Directions for this task. Wherever a picture appears, leave it out, and transcribe the rest of the records exactly.

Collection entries
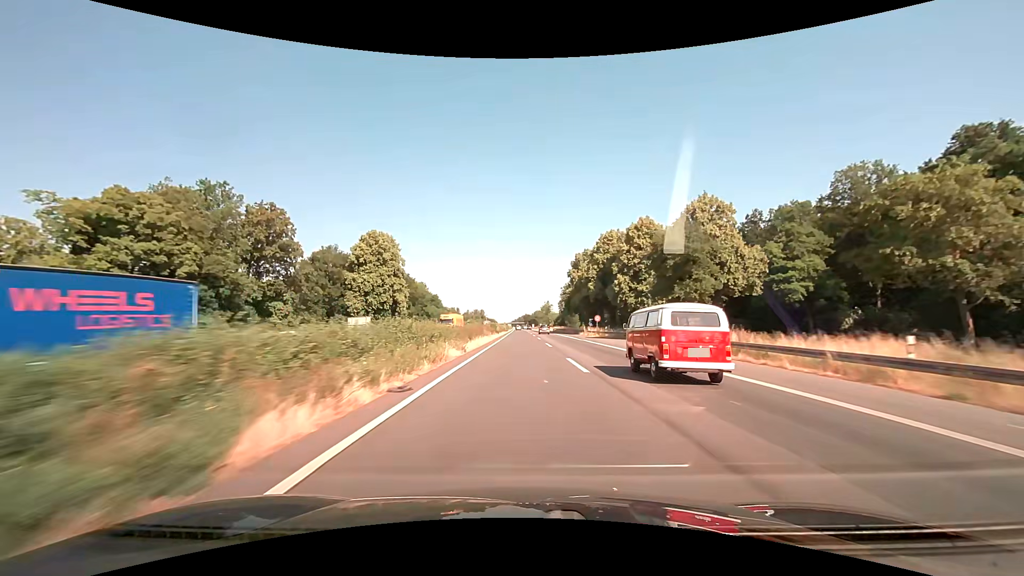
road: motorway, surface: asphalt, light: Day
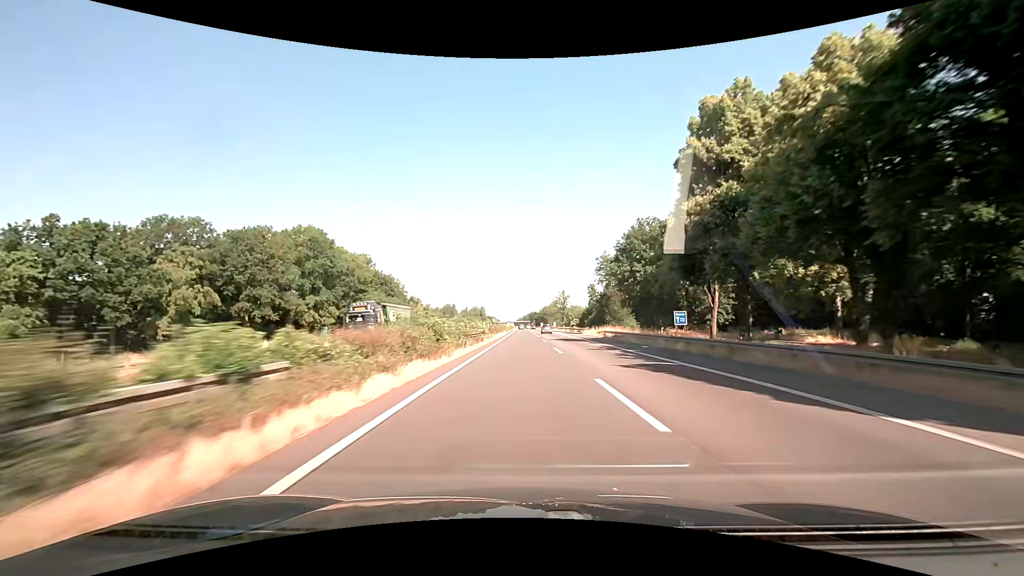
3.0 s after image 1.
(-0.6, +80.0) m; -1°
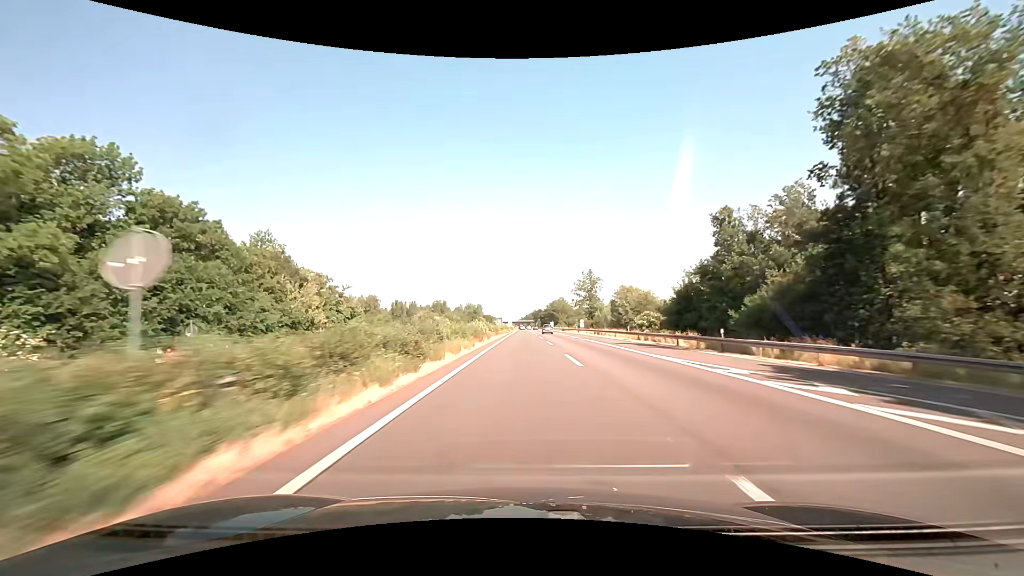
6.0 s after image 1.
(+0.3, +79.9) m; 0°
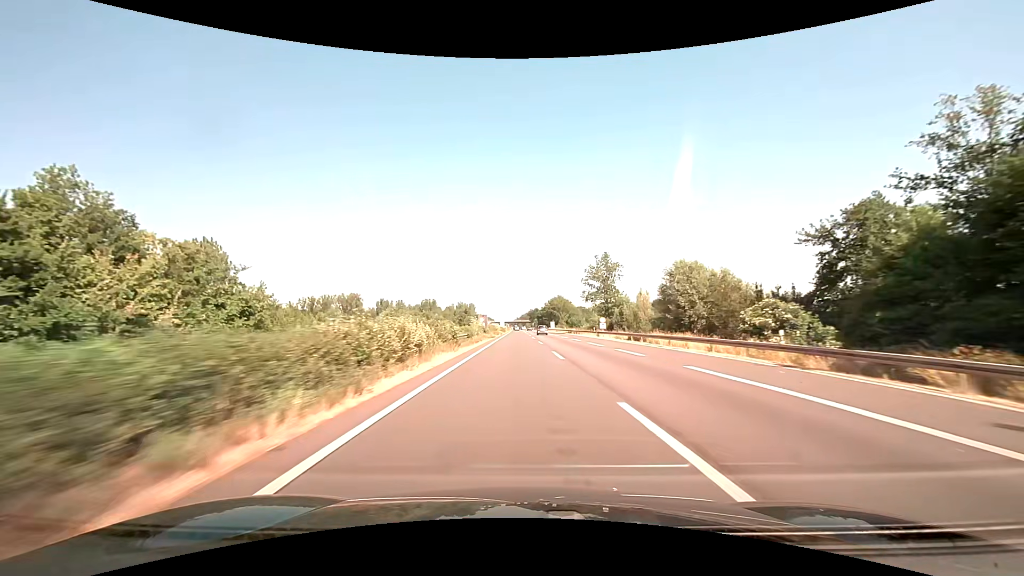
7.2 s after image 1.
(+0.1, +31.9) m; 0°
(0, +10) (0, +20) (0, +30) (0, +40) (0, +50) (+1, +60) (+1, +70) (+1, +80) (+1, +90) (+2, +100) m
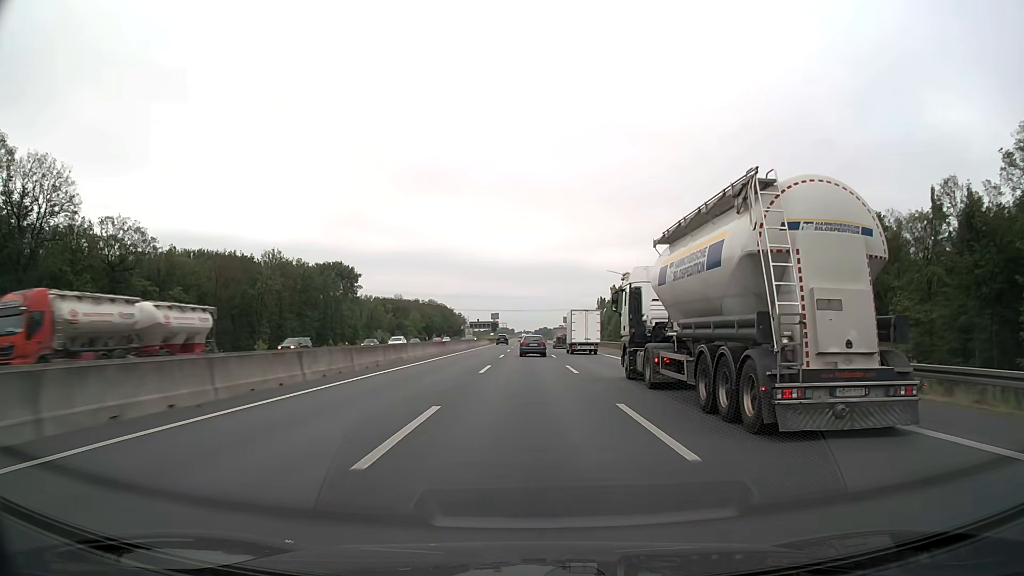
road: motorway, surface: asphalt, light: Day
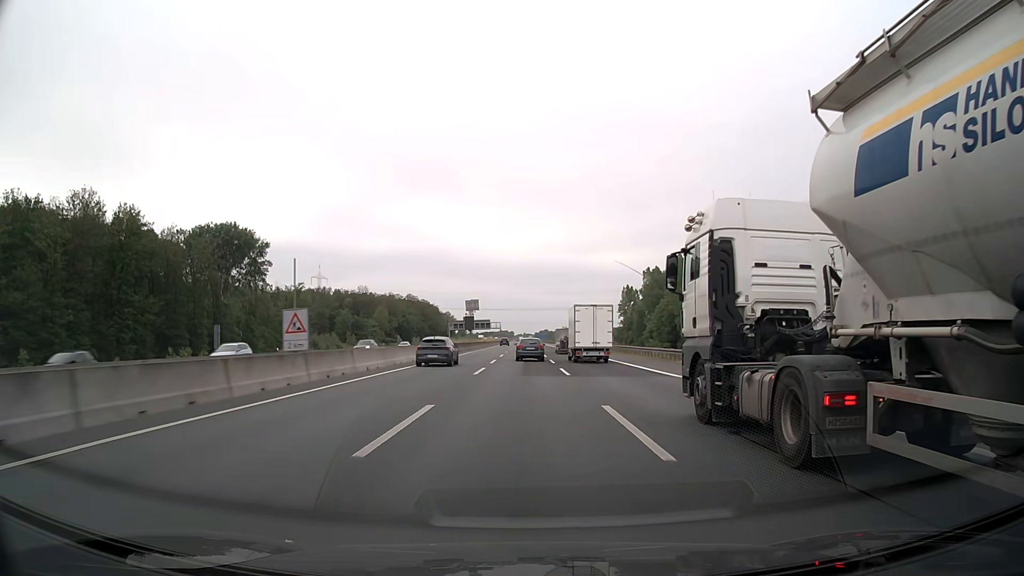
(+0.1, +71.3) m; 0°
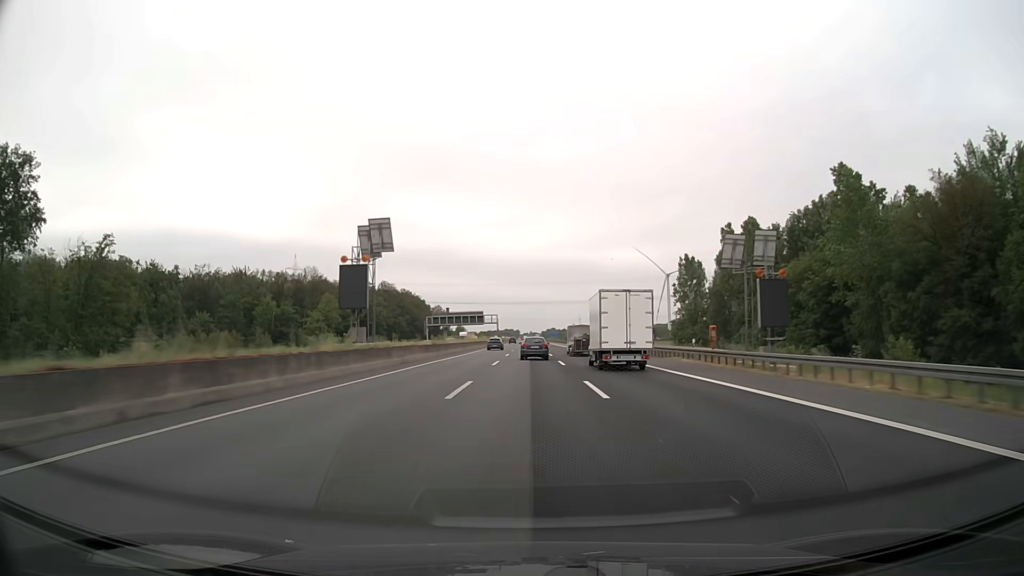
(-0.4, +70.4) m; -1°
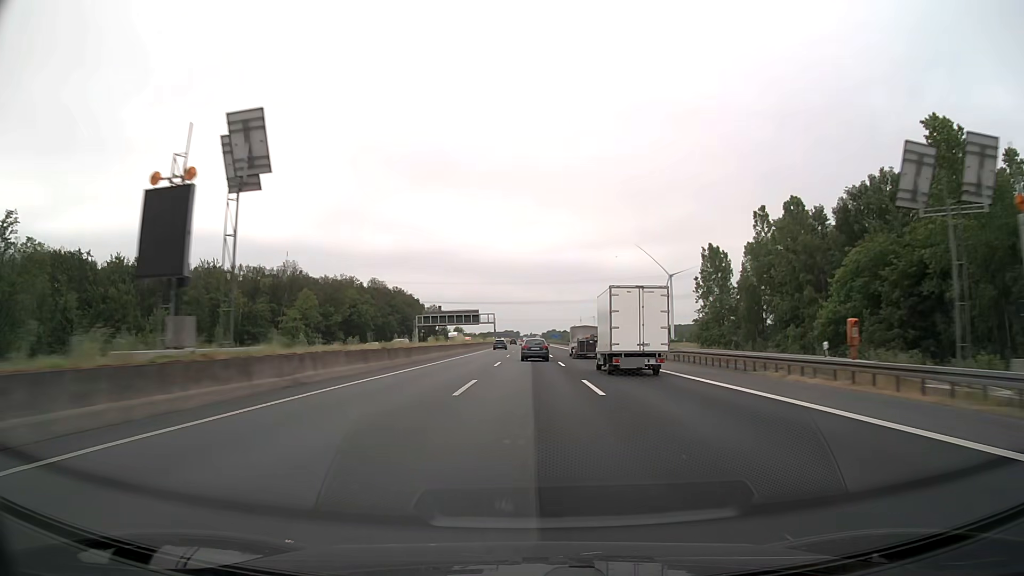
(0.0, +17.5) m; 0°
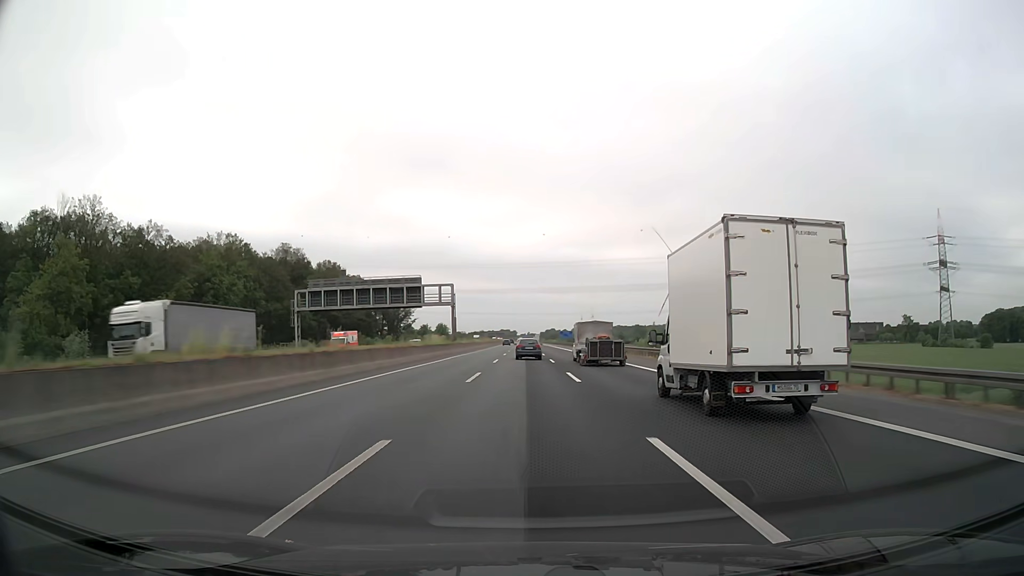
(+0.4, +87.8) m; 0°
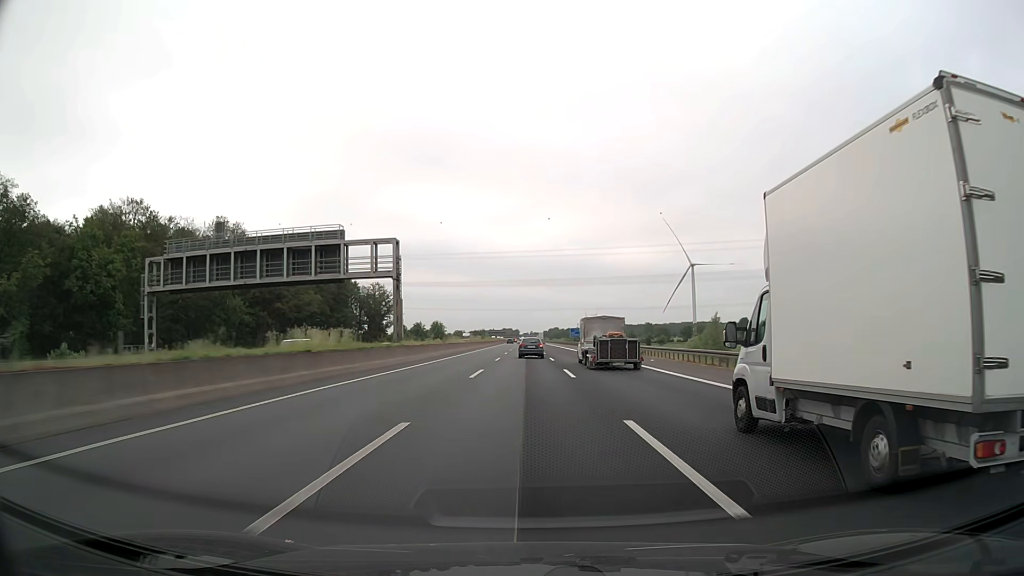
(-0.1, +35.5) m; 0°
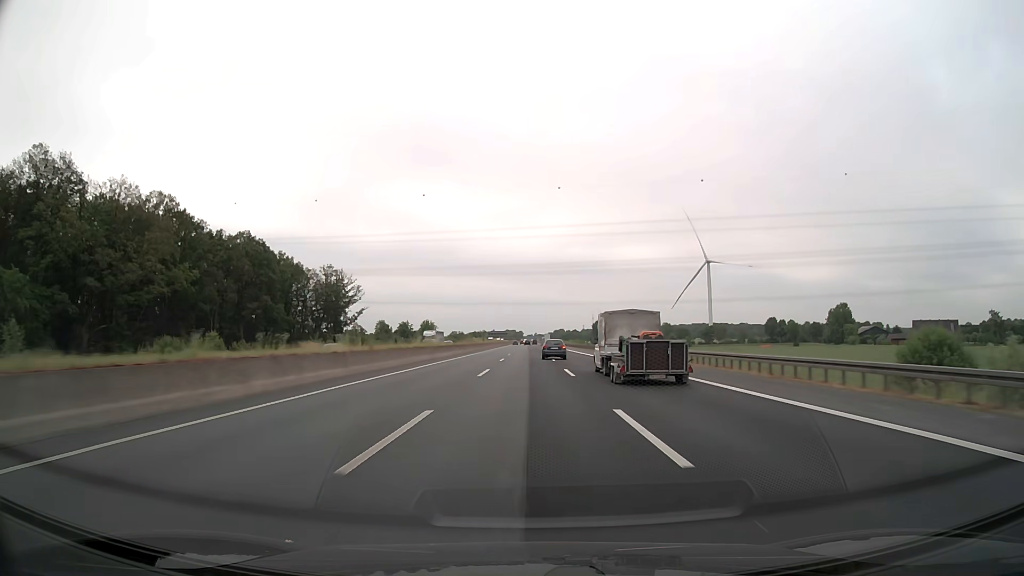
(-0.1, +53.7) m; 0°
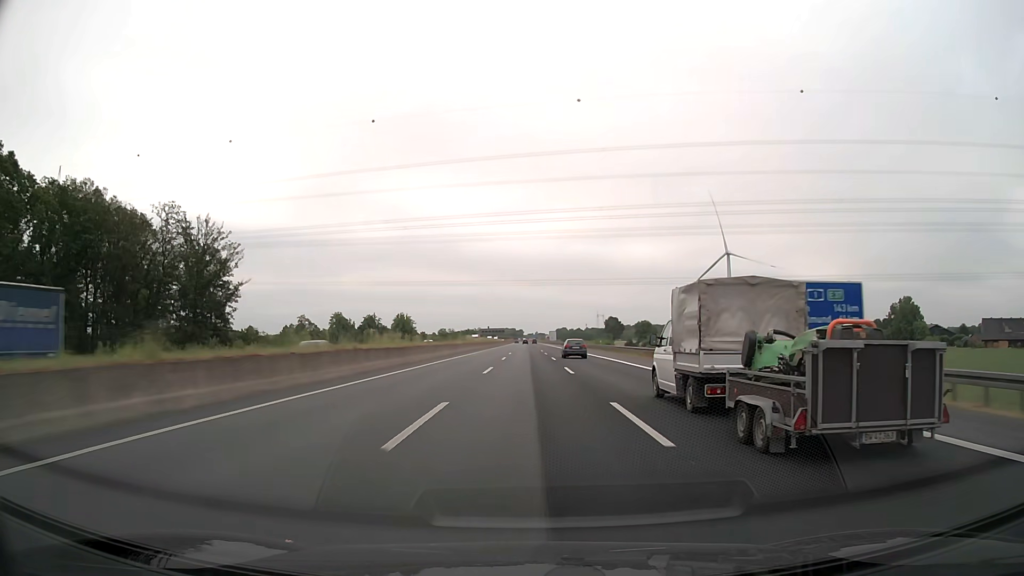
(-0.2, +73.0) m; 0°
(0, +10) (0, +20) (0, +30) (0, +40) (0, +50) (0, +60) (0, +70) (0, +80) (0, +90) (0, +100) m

Result below.
road: motorway, surface: asphalt, light: Day
3.0 s after image 1.
(-0.6, +80.0) m; -1°
6.0 s after image 1.
(+0.3, +79.9) m; 0°
7.2 s after image 1.
(+0.1, +31.9) m; 0°
(0, +10) (0, +20) (0, +30) (0, +40) (0, +50) (+1, +60) (+1, +70) (+1, +80) (+1, +90) (+2, +100) m
road: motorway, surface: asphalt, light: Day
(+0.1, +71.3) m; 0°
(-0.4, +70.4) m; -1°
(0.0, +17.5) m; 0°
(+0.4, +87.8) m; 0°
(-0.1, +35.5) m; 0°
(-0.1, +53.7) m; 0°
(-0.2, +73.0) m; 0°
(0, +10) (0, +20) (0, +30) (0, +40) (0, +50) (0, +60) (0, +70) (0, +80) (0, +90) (0, +100) m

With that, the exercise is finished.